Who is a Marine Pilot? Comment by Reshma Niofer Naha

by Marine-Pilots.com - published on 16 September 2019

Comment and photos by Reshma Nilofer Naha - India's first female Marine Pilot (Kalkata Port Trust)

Who is a Marine / Maritime Pilot?

A certain someone, an acquaintance, asked me who is a Pilot. Why a pilot. Any Captain can do Ur job blah blah blah and more blah. It felt funny to do the self dabba (brag) and explain why Captains/Ships would need a pilot. When Pilot is onboard, the Pilot conducts the ship, while the Master still has the con. Pilots are expert navigators to that particular port they work from.

Badass manourvres need local expertise... Which the Master almost always wouldn't be comfortable taking up without the prevalent conditions and other info provided to him/her (The traffic, tide, weather and Port installations, etc to name a few). He/she cannot study that for every port the ship calls. There are a million ports with a gazillion specific minute details so there are a few pilots for each port who is an expert in their port and it's conditions. And who said no? A captain can berth the ship in many ports in the world where Pilotage is not compulsory. It will be a challenge for sure, but yes Captains can, not everywhere, but in many ports around the world. Guess what, Masters go on to train further to become pilots in most ports of the world. Thats the reason why this role is considered to be at the Pinnacle of the Maritime Industry.

IMO says, "Pilots with local knowledge have been employed on board ships for centuries to guide vessels into or out of port safely - or wherever navigation may be considered hazardous, particularly when a shipmaster is unfamiliar with the area.

In addition to local knowledge and expertise, pilots are able to provide effective communication with the shore and with tugs, often in the local language".

In addition to the above allow me to add excerpts from views of some of my colleagues and my own.
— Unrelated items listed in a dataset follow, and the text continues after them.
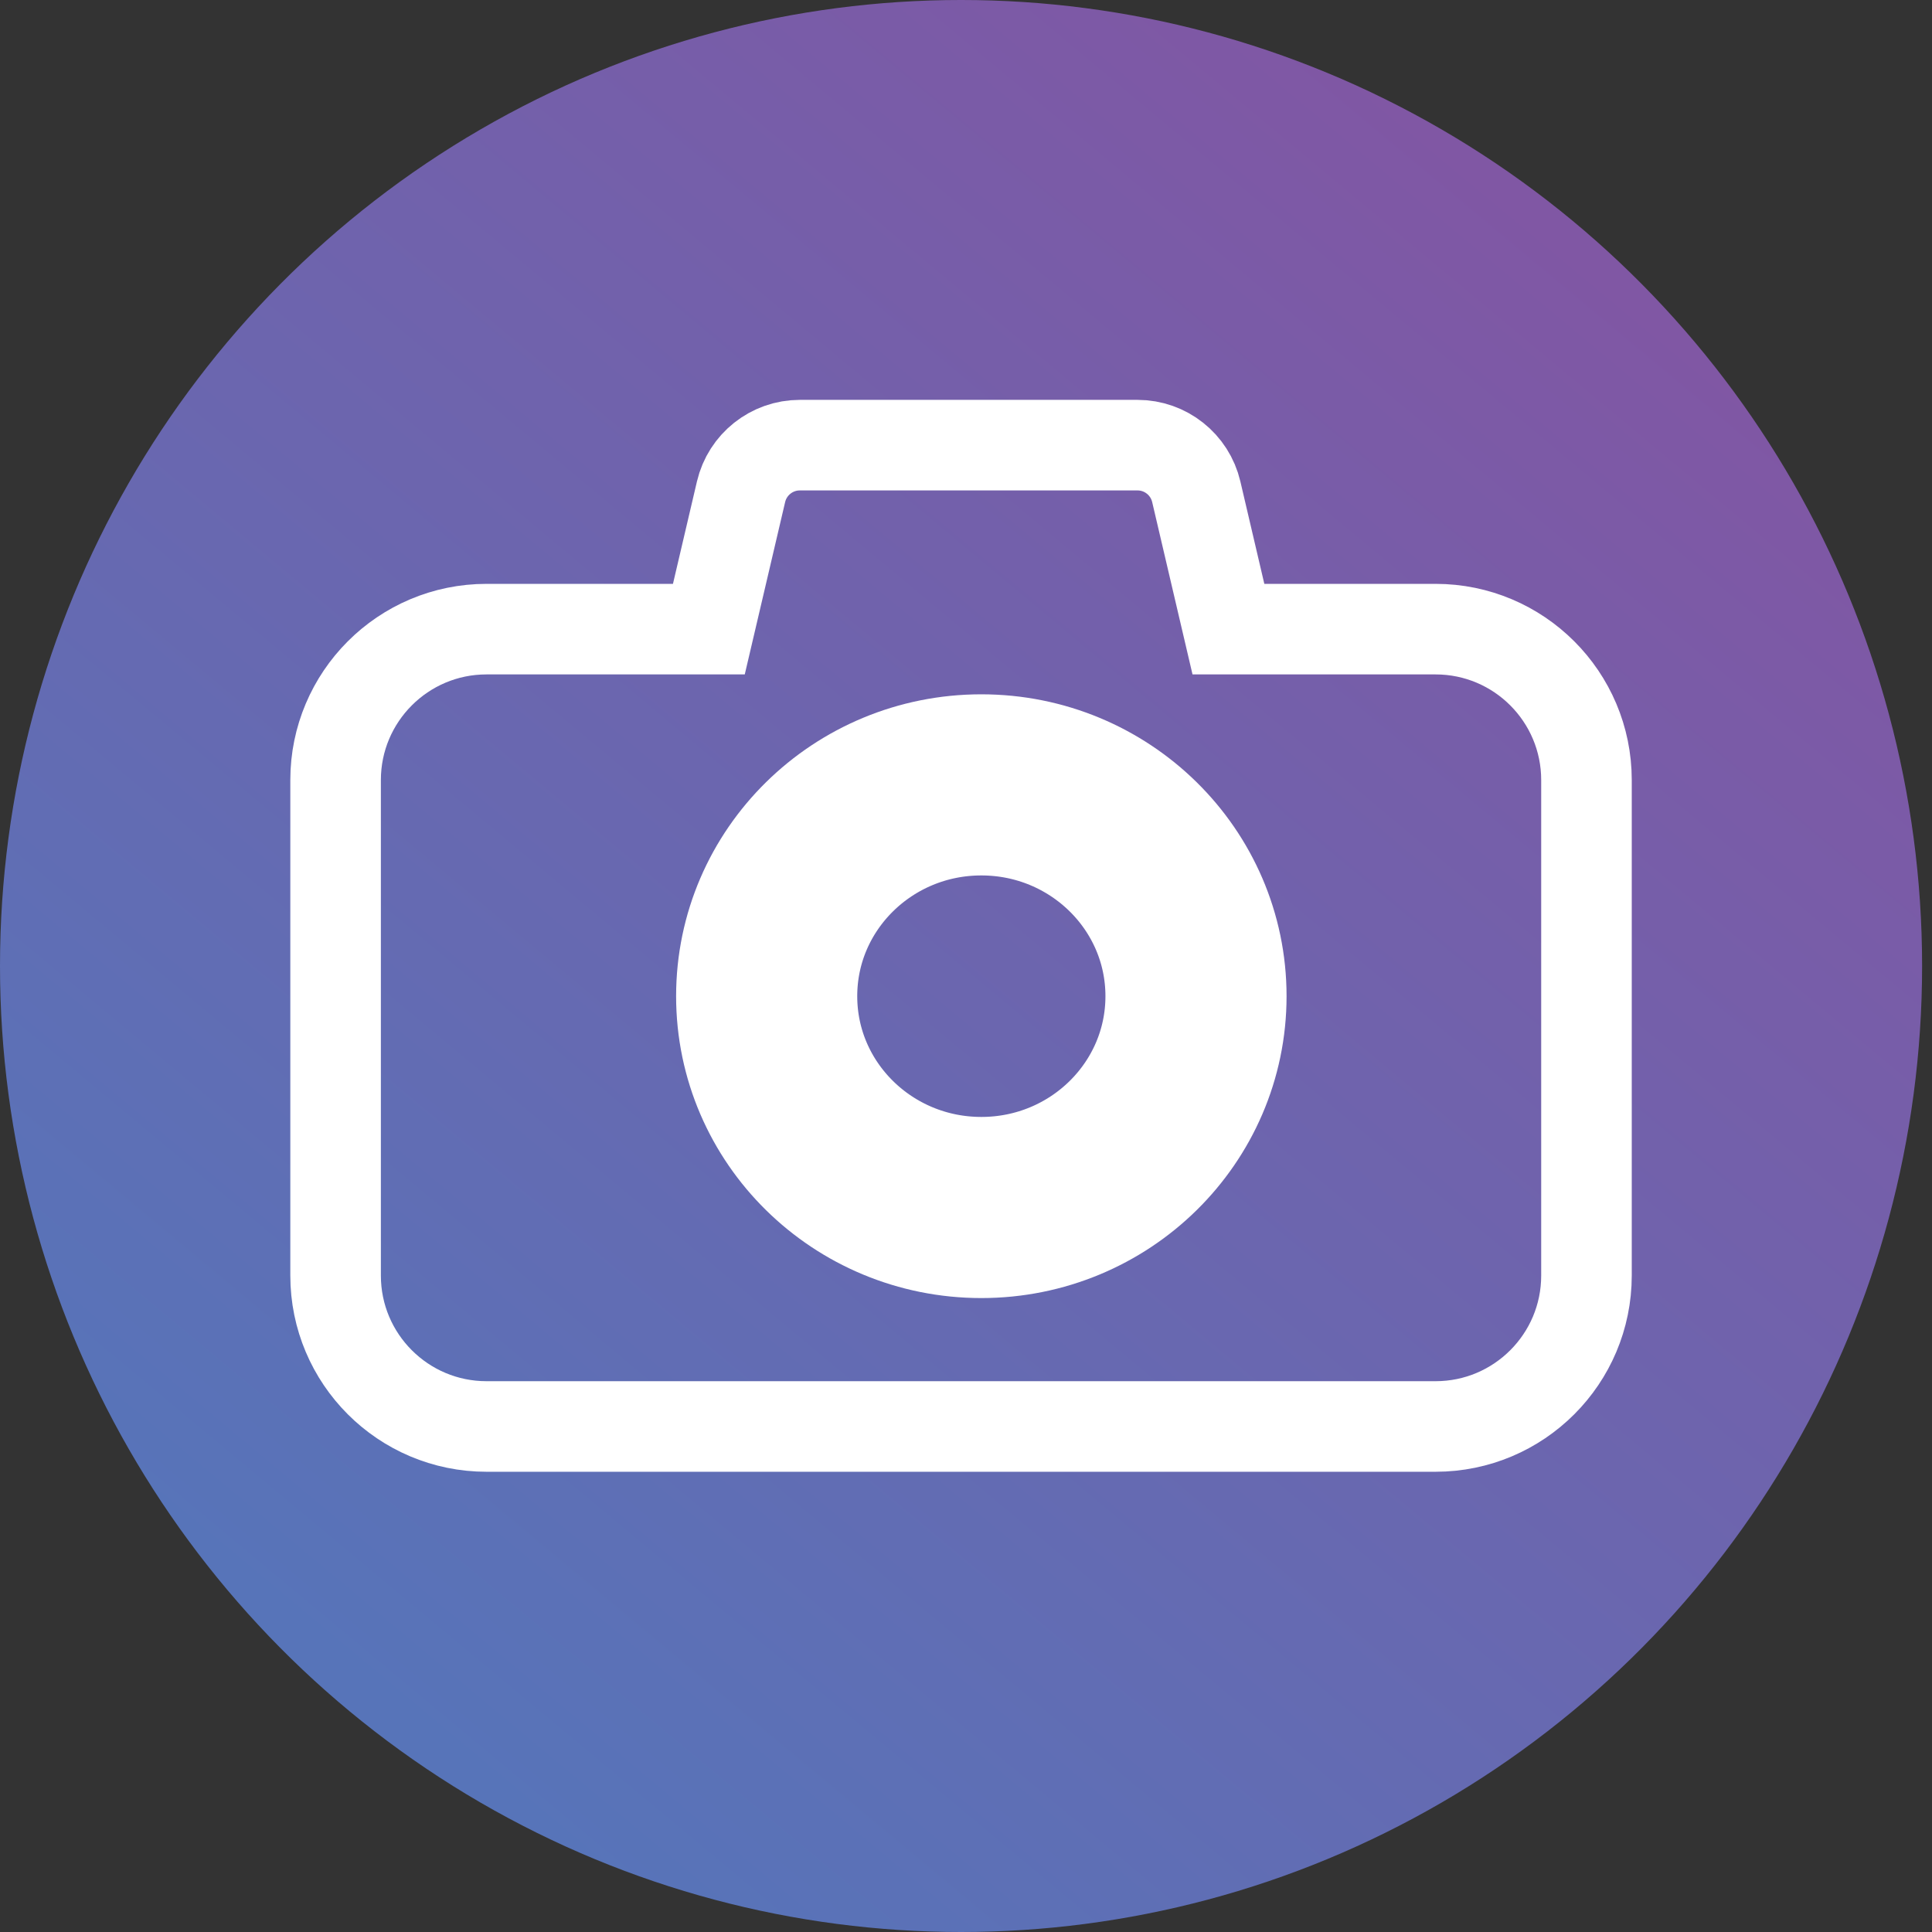 <svg width="64px" height="64px" viewBox="0 0 64 64" version="1.1" xmlns="http://www.w3.org/2000/svg" xmlns:xlink="http://www.w3.org/1999/xlink">
    <rect x="0" y="0" width="64" height="64" fill="#333333" stroke="none"/>
    <defs>
        <linearGradient x1="80.957%" y1="0%" x2="12.804%" y2="81.756%" id="linearGradient-1">
            <stop stop-color="#8851A0" offset="0%"></stop>
            <stop stop-color="#8454A2" offset="0%"></stop>
            <stop stop-color="#5774B9" offset="100%"></stop>
        </linearGradient>
    </defs>
    <g id="LTM-DESIGN" stroke="none" stroke-width="1" fill="none" fill-rule="evenodd">
        <g id="Experience---Map-Tutorial" transform="translate(-592, -517)">
            <g id="Group-11" transform="translate(592, 517)">
                <g id="Group-8">
                    <ellipse id="Oval" fill="url(#linearGradient-1)" cx="31.836" cy="32" rx="31.836" ry="32"></ellipse>
                    <path d="M37.681,14.746 C38.61,14.746 39.416,15.386 39.628,16.29 L40.693,20.841 L47.554,20.841 C50.315,20.841 52.554,23.08 52.554,25.841 L52.554,42.254 C52.554,45.015 50.315,47.254 47.554,47.254 L16.117,47.254 C13.356,47.254 11.117,45.015 11.117,42.254 L11.117,25.841 C11.117,23.08 13.356,20.841 16.117,20.841 L23.482,20.841 L24.548,16.29 C24.76,15.386 25.567,14.746 26.495,14.746 L37.681,14.746 Z" id="Combined-Shape" stroke="#FFFFFF" stroke-width="3"></path>
                </g>
                <ellipse id="Oval" stroke="#FFFFFF" stroke-width="6" cx="32.508" cy="33" rx="7.111" ry="7"></ellipse>
            </g>
        </g>
    </g>
</svg>

Manoeuvering is a skill which can be definitely acquired by the Master but he/she is not an "expert" of the subject as he/she is supposed to know and learn plenty other things also...

He/She manoeuvres the ship in open sea or in an Anchorage/heavy traffic area where the margin of error is wider...hence lesser risk..

Pilots' Job
A Pilot's job is primarily manoeuvering and he is trained likewise keeping in mind the local factors of the respective Port.... the ship is handed to an expert who is proficient in ship handling under the local conditions (wind, tide etc.) where the margin of error is miniscule due to the proximity of shore installations and other ships...

That's why a Pilot is required over a Master of the ship...

What makes our job stressful, intricate and important is that the dangers and occupational hazards we face as a pilot are humongous (what's at stake), immediate and instant. We re required to adopt to a variety of ships, multilingual crew and prevailing conditions in a snap of a second. And however much we've discussed and improved our methods of boarding ships over centuries, it continues to be very dangerous till date. The risk to life is very much REAL. The video attached here will give a glimpse at our dangerous ladders situation which the Maritime World and its people need to look into seriously. Coz it takes years to make a Pilot (blood and sweat to be precise) but takes just a Minute to lose one!

Great Satisfaction
On a positive note, all said and done, it is one of the most satisfying jobs in this Universe (my humble opinion). There is absolutely no monotony, each day, each ship (even if a regular ship), each member of the crew, the weather and current and the monoeuvrability of the ship are different. At the end of each trip, when I disembark from a ship bidding goodbye or shaking hands with a Captain who has a smile on his/her face, I am a content person. That satisfaction has no name, my dear friends. U must feel it to believe it!